WVIA-TV
| |
---|---|
City | Scranton, Pennsylvania |
Channels | |
Branding | WVIA |
Programming | |
Affiliations | |
Ownership | |
Owner | Northeast Pennsylvania Educational Television Association |
History | |
First air date | September 26, 1966 |
Former channel number(s) | Analog: 44 (UHF, 1966–2009) Digital: 41 (UHF, 2001–2017) 50 (UHF, 2017–2020) |
NET (1966–1970) | |
Call sign meaning | The World Via Television |
Technical information[2] | |
Licensing authority | FCC |
Facility ID | 47929 |
ERP | 760 kW |
HAAT | 509.2 m (1,671 ft) |
Transmitter coordinates | 41°10′55″N 75°52′16″W / 41.18194°N 75.87111°W |
Translator(s) | See below |
Links | |
Public license information | |
Website | www |
WVIA-TV (channel 44) is a PBS member television station licensed to Scranton, Pennsylvania, United States, serving Northeastern Pennsylvania. Owned by the Northeast Pennsylvania Educational Television Association, it is sister to NPR member WVIA-FM (89.9). Both stations share studios in Jenkins Township, which shares a post office with Pittston. Through a channel sharing agreement with ABC affiliate WNEP-TV (channel 16), the two stations transmit using WNEP-TV's spectrum from an antenna at Penobscot Knob near Mountain Top.
History
[edit]20th century
[edit]In 1963, several men first met at Coughlin High School in Wilkes-Barre to discuss bringing an educational television station to Northeastern Pennsylvania. Twelve of the men formed the Northeast Pennsylvania Educational Television Association, chaired by Wilkes-Barre superintendent of schools Walter Wood. They received a license for channel 44 a year later.
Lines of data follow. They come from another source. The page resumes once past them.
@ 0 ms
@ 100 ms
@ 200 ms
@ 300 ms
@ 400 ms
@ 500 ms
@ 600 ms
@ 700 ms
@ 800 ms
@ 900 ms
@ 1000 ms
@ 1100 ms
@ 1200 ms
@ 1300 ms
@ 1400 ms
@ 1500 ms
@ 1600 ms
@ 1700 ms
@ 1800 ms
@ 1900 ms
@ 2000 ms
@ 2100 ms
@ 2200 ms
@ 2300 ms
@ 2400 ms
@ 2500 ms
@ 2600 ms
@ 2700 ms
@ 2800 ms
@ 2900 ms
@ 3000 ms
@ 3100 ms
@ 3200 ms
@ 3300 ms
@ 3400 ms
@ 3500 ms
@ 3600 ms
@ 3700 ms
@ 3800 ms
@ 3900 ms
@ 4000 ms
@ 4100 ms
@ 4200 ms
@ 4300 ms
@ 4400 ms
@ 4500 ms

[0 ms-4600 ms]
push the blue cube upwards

The station's first employee, general manager George Strimel, Jr., was hired in 1965 and given two years to get the station on the air. He was able to do so within nine months, and WVIA-TV signed on for the first time on September 26, 1966. The fledgling station received a considerable assist from the area's commercial stations. WNEP-TV donated the old transmitter and tower facility from WARM-TV, one of the two stations that merged to form WNEP ten years earlier, while WBRE-TV (channel 28) and WDAU-TV (channel 22, now WYOU) made their studios available for local productions. All production work was done from the transmitter site.
The station grew rapidly, and within a year moved its offices from First Presbyterian Church in Wilkes-Barre to office space donated by King's College, and later to a school in Scranton. In 1969, WVIA moved to a specially-built studio at Marywood College in Scranton. In 1971, WVIA moved to its current studio in Jenkins Township.
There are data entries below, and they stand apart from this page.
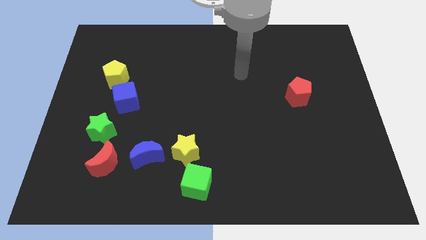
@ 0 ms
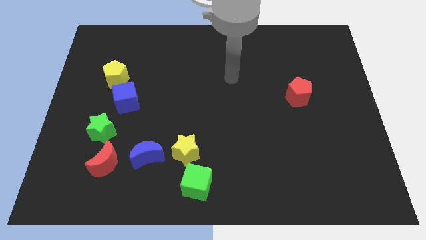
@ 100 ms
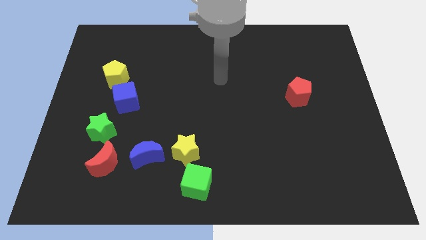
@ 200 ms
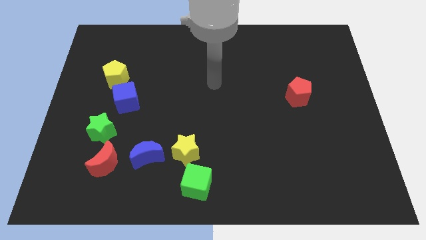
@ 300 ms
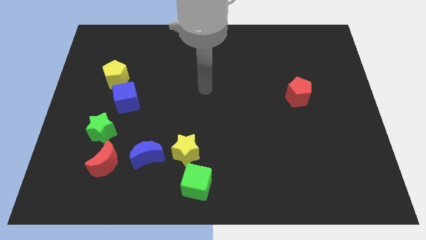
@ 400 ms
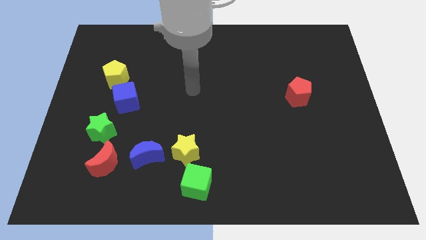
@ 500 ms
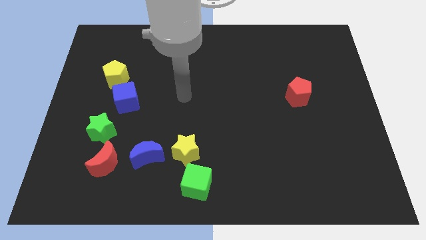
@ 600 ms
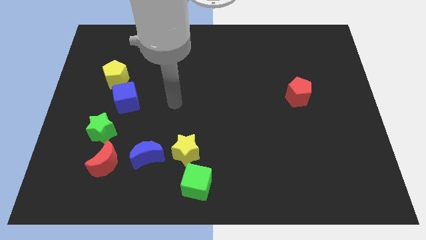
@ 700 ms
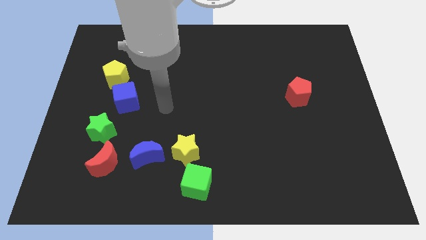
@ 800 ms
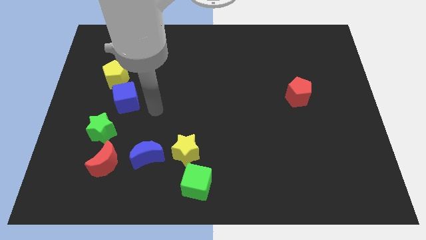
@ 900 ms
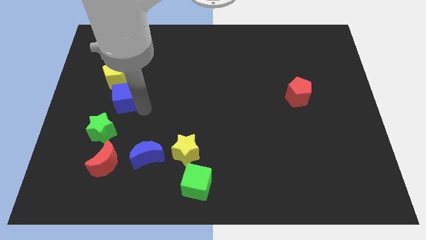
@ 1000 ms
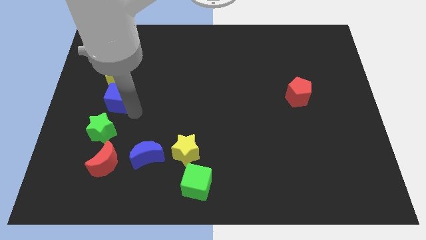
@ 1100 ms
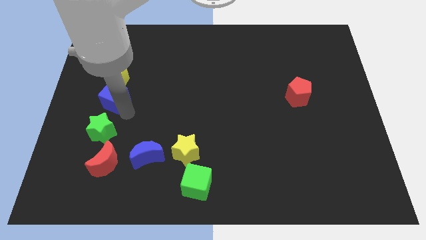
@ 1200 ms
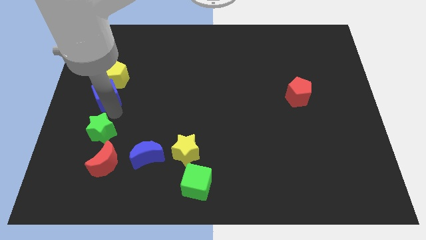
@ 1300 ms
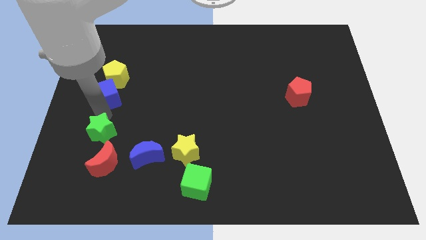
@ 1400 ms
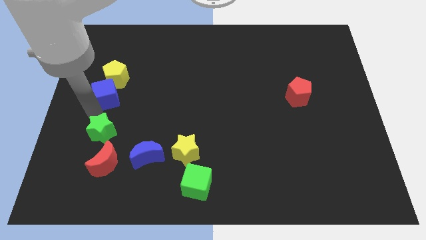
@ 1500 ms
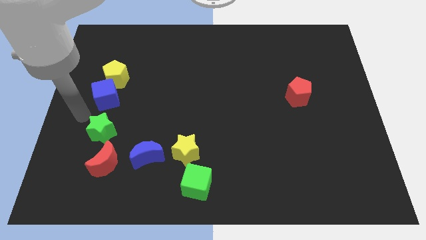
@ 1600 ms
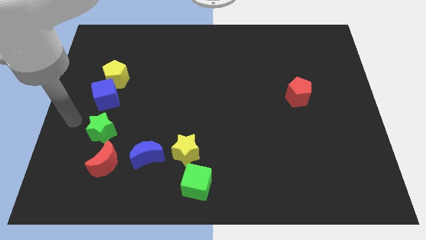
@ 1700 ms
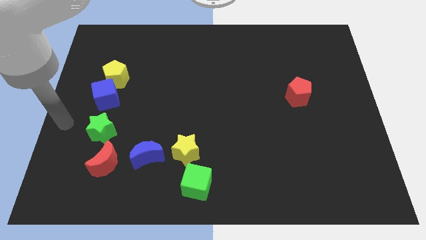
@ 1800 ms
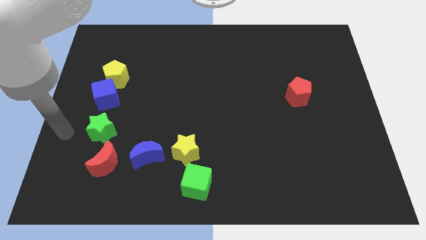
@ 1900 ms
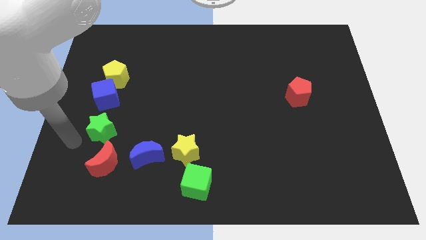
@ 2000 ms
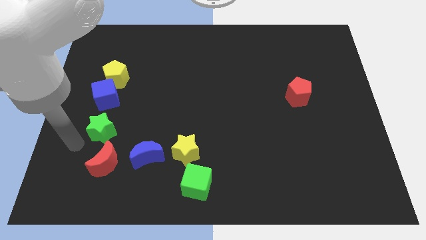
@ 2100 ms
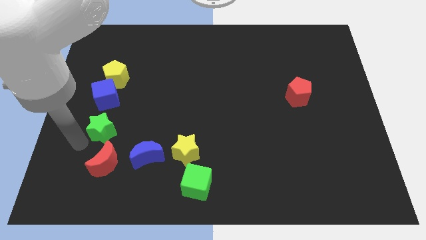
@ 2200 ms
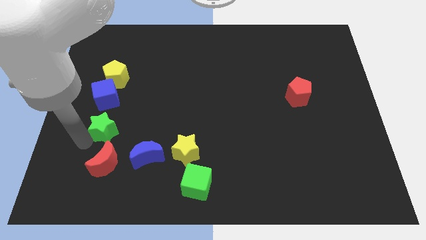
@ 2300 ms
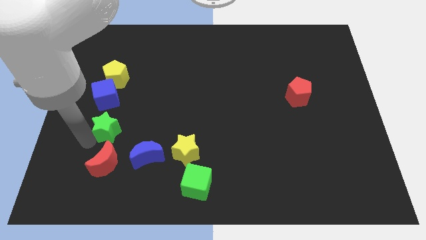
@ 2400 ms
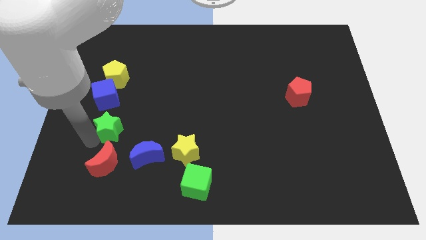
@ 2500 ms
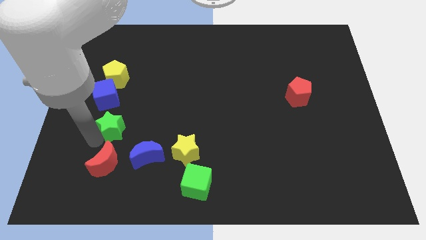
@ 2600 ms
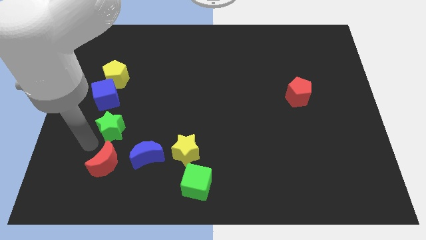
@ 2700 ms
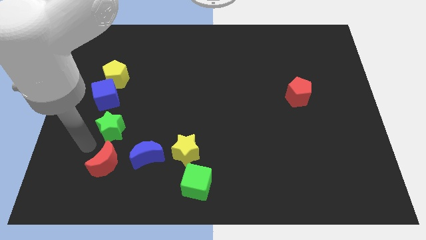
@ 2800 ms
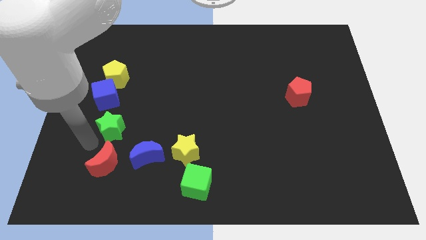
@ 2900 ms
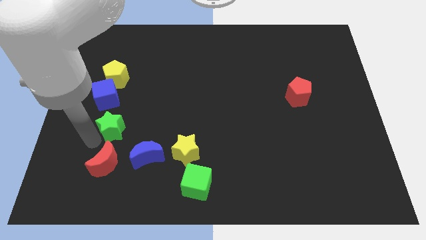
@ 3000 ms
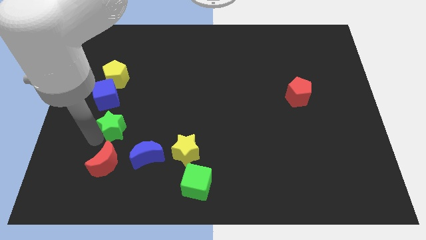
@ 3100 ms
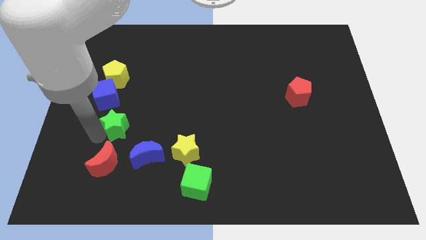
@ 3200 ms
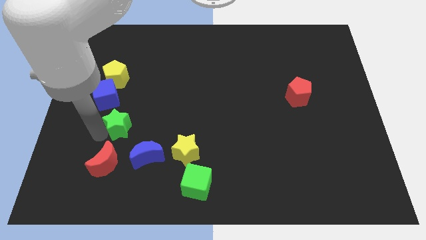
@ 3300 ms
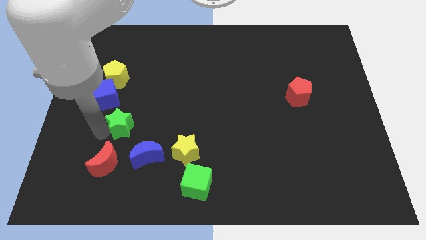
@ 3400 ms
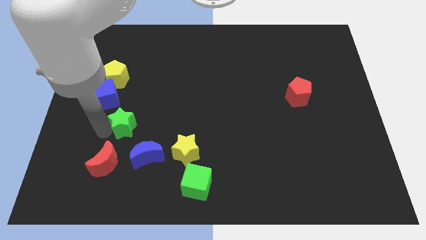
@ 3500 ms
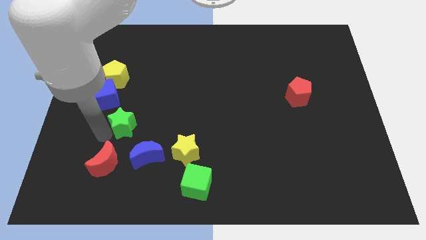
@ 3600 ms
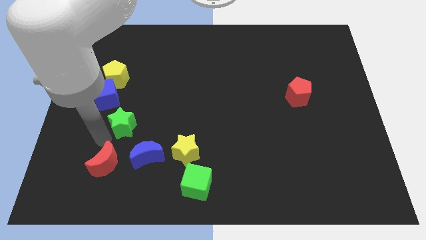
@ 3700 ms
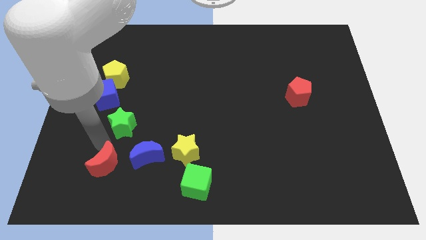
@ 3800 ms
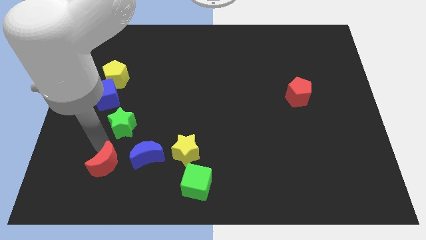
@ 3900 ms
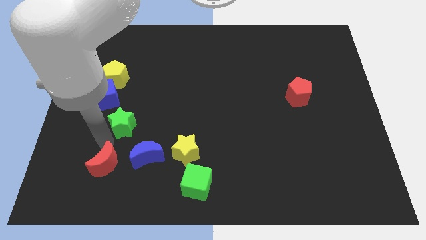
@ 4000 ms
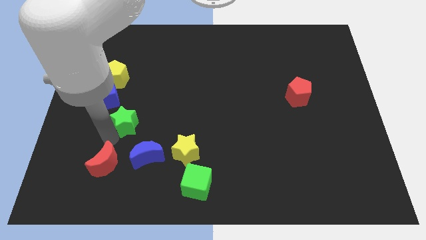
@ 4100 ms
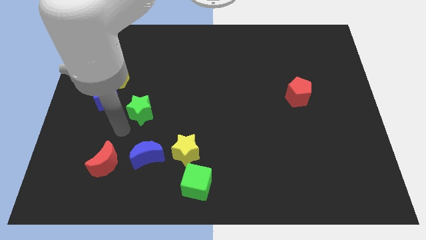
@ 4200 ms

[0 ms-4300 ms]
slightly slide the green star up and to the right diagonally

The station didn't take long to become a part of the community; it won the Corporation for Public Broadcasting's award for community involvement for two straight years in the 1970s. It was the only public television station in Pennsylvania to stay on the air during a 1970 budget crisis. When Hurricane Agnes struck the area in 1972, WVIA preempted its programming to air weather reports around the clock, and lent its equipment to WBRE so it could stay on the air.
In 1978, WVIA activated its current tower on Penobscot Knob. It increased the station's coverage by 20%, enabling it to reach 20 counties and giving it a coverage area comparable with most of the area's commercial stations. The station also operates the largest translator network in Pennsylvania.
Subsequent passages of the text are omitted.